We are, therefore, not to wonder, my lords, that there is in the French armies an establishment for more gentlemen than in other countries, where the disparity between the military virtues of the higher and lower classes of men is less conspicuous. In the troops of that nation nothing is expected but from the officers, but in ours the common soldier meets danger with equal intrepidity, and scorns to see himself excelled by his officer in courage or in zeal.
We are, therefore, my lords, under no necessity of burdening our country with the expense of new commissions, which, in the army, will be superfluous, and, in the state, dangerous, as they will fill our senate with new dependents, and our corporations with new adherents to the minister, whose steady perseverance in his favourite scheme of senatorial subordination, will be, perhaps, the only occasion of these new levies, or, at least, has hindered the right application of our standing troops. For what reason, my lords, can invention or imagination assign, why the troops, who had been for some time disciplined, were not rather sent to the assistance of Vernon than the new marines, except that some of them were commanded by men who had obtained seats in the other house, and who, by their settled adherence and avowed fidelity to the minister, had recommended themselves too powerfully to be rashly exposed in the service of their country to the bullets of the Spaniards.

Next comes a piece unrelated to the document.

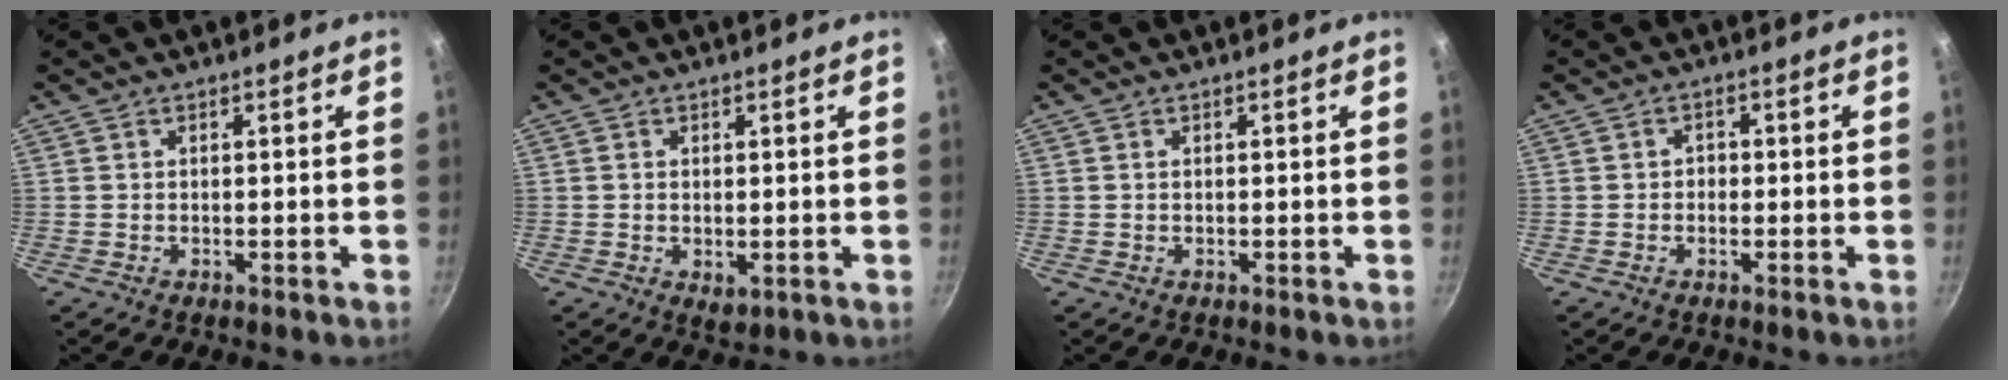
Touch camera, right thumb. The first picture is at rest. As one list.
[{"total": 2.4, "force": [0.1, 1.4, 1.9], "torque": [-0.028, -0.008, 0.003]}, {"total": 0.0}, {"total": 2.2, "force": [-0.6, 1.8, 1.1], "torque": [-0.002, 0.009, -0.014]}]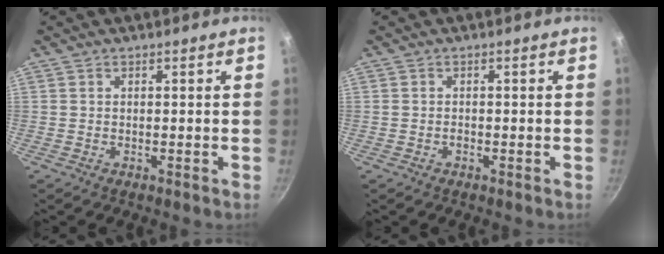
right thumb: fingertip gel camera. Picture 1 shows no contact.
{"total": 0.6, "force": [-0.3, 0.5, 0.3], "torque": [-0.005, 0.004, -0.005]}

So great, my lords, has been the minister's regard to senatorial abilities, and so strict his gratitude to his friends, that I know of but one member of the other house that has been hazarded in this expedition, and he a hopeless, abandoned patriot, insensible of the capacity or integrity of our ministry, and whom nothing has been able to reconcile to our late measures. He, therefore, who has never exerted himself in defence of the ministry, was, in his turn, thought unworthy of ministerial protection, and was given up to the chance of war without reluctance.
But I hope your lordships will concur with me in the opinion, that it is not always necessary to gratify the ministry, but that our country claims some part of our regard, and, therefore, that in establishing our army we should pursue that method which may be most accommodated to our constitution, and, instead of imitating the military policy of the French, follow the example of those nations by whose troops they have been conquered.

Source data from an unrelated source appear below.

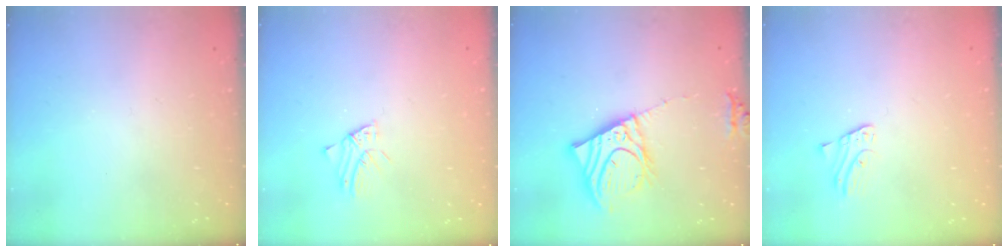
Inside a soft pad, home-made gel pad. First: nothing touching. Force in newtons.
{"total": 1.5, "press": 1.4, "slide": 0.1}
{"total": 13.5, "press": 13.3, "slide": 2.4}
{"total": 1.4, "press": 1.4, "slide": 0.1}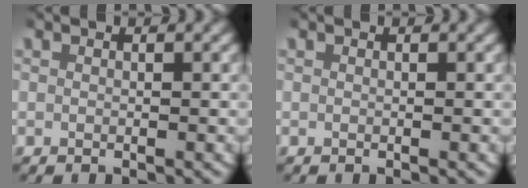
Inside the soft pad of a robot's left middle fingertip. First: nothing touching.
{"total": 0.0}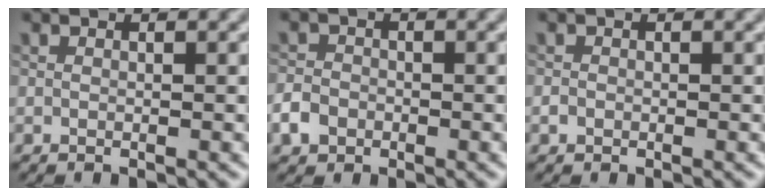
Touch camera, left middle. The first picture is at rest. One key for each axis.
{"total": 2.3, "fx": -1.1, "fy": 1.8, "fz": 0.9, "tx": -0.014, "ty": 0.001, "tz": -0.025}
{"total": 0.6, "fx": -0.3, "fy": 0.5, "fz": 0.2, "tx": -0.001, "ty": -0.002, "tz": -0.005}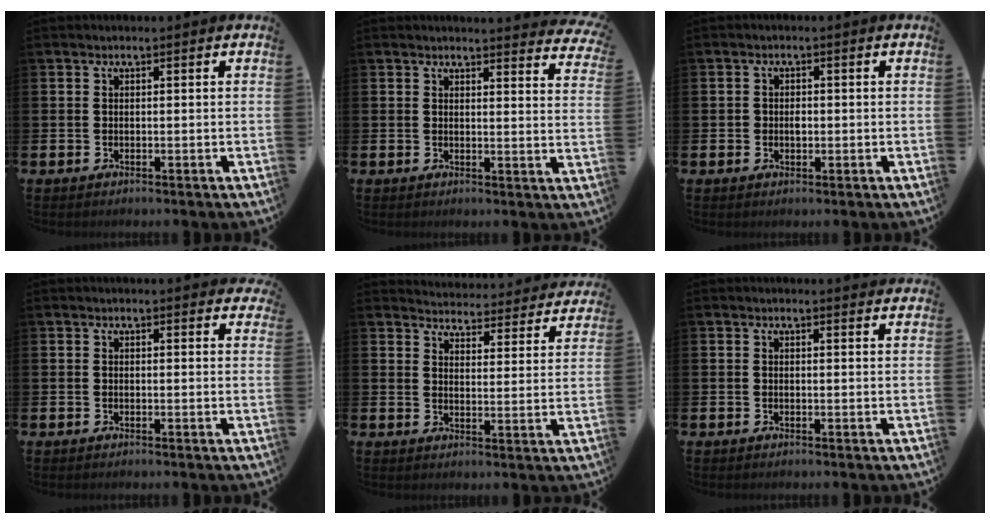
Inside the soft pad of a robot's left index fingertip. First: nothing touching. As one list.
[{"total": 3.1, "force": [3.1, -0.1, 0.0], "torque": [0.010, -0.027, 0.051]}, {"total": 1.4, "force": [0.0, 1.2, 0.8], "torque": [-0.001, 0.002, -0.005]}, {"total": 1.1, "force": [1.1, 0.2, 0.1], "torque": [0.005, -0.002, 0.018]}, {"total": 4.1, "force": [4.1, 0.6, 0.2], "torque": [-0.020, -0.037, 0.066]}, {"total": 1.0, "force": [1.0, 0.0, 0.0], "torque": [0.007, -0.006, 0.017]}]

Had this scheme been hitherto followed, had our new levies, instead of being put under the command of boys, been distributed in just proportions among the standing regiments, where they might soon have been qualified for service by the inspection of experienced officers, we might now have seen an army capable of awing the court of Spain into submission, or, if our demands had been still refused, of revenging our injuries, and punishing those who have insulted and despised us.

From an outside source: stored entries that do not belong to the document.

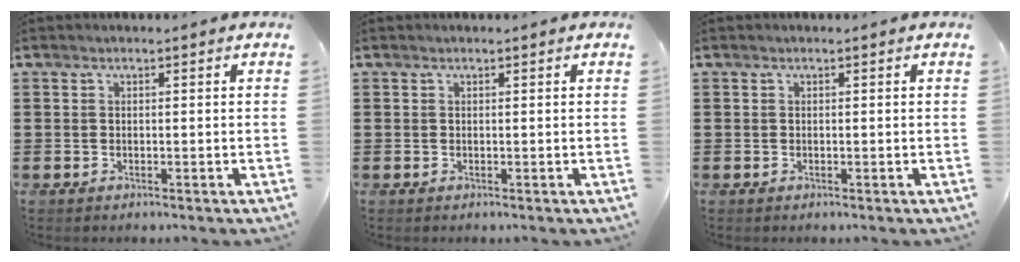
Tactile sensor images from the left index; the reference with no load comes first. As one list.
[{"total": 0.0}, {"total": 0.0}]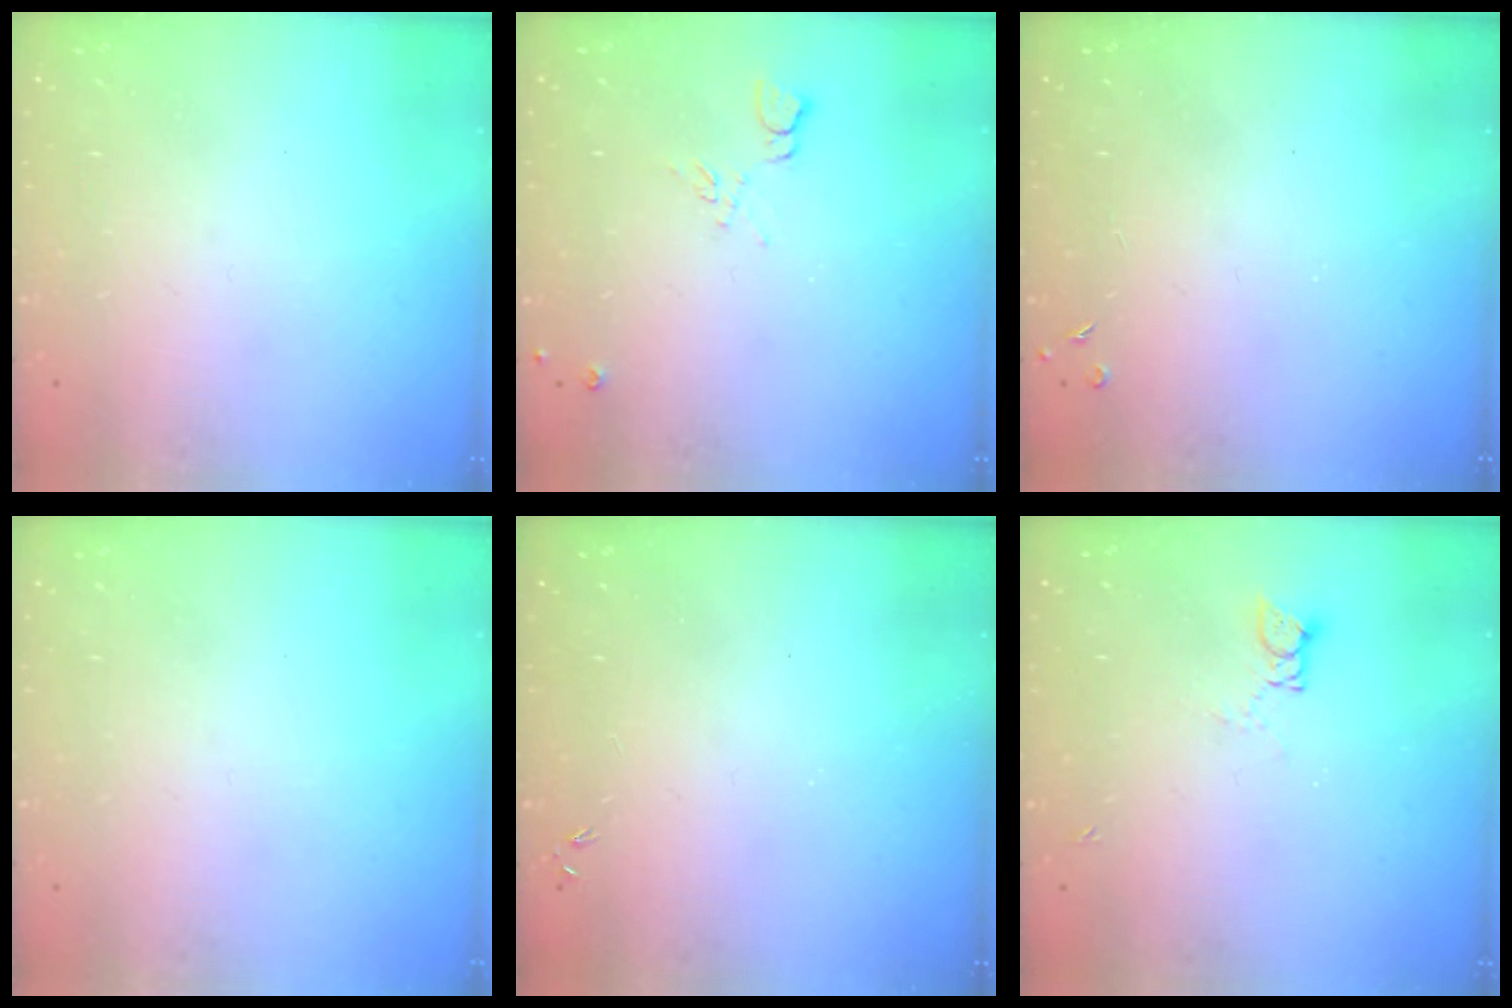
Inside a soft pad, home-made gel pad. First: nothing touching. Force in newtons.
{"total": 6.6, "press": 6.5, "slide": 0.9}
{"total": 2.8, "press": 2.7, "slide": 0.5}
{"total": 0.0}
{"total": 0.0}
{"total": 3.3, "press": 3.3, "slide": 0.4}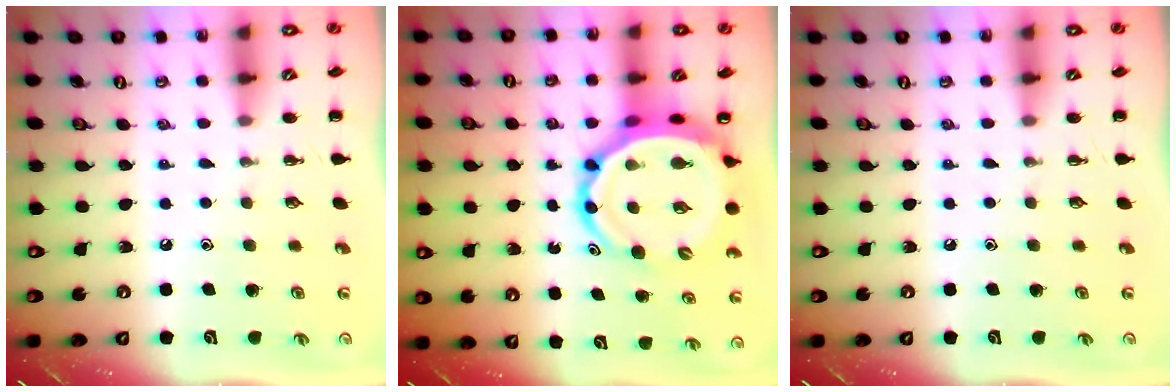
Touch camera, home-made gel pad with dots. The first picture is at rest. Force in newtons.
{"total": 10.8, "press": 10.4, "slide": 2.9}
{"total": 0.0}

From an army thus raised and disciplined, detachments, my lords, ought to have been sent on board of all our fleets, and particularly that which is now stationed in the Mediterranean, which would not then have coasted about from one port to another, without hurting or frighting the enemy, but might, by sudden descents, have spread terrour through a great part of the kingdom, harassed their troops by continual marches, and, by frequent incursions, have plundered all the maritime provinces, driven the inhabitants into the inland country, and laid the villages in ashes.
There is yet, my lords, no appearance of a peace, for our success has not enabled us to prescribe terms, and I hope we are not yet fallen so low as to receive them; it is, therefore, proper to form such resolutions as may influence the conduct of the war, and enable us to retrieve the errours of our past measures.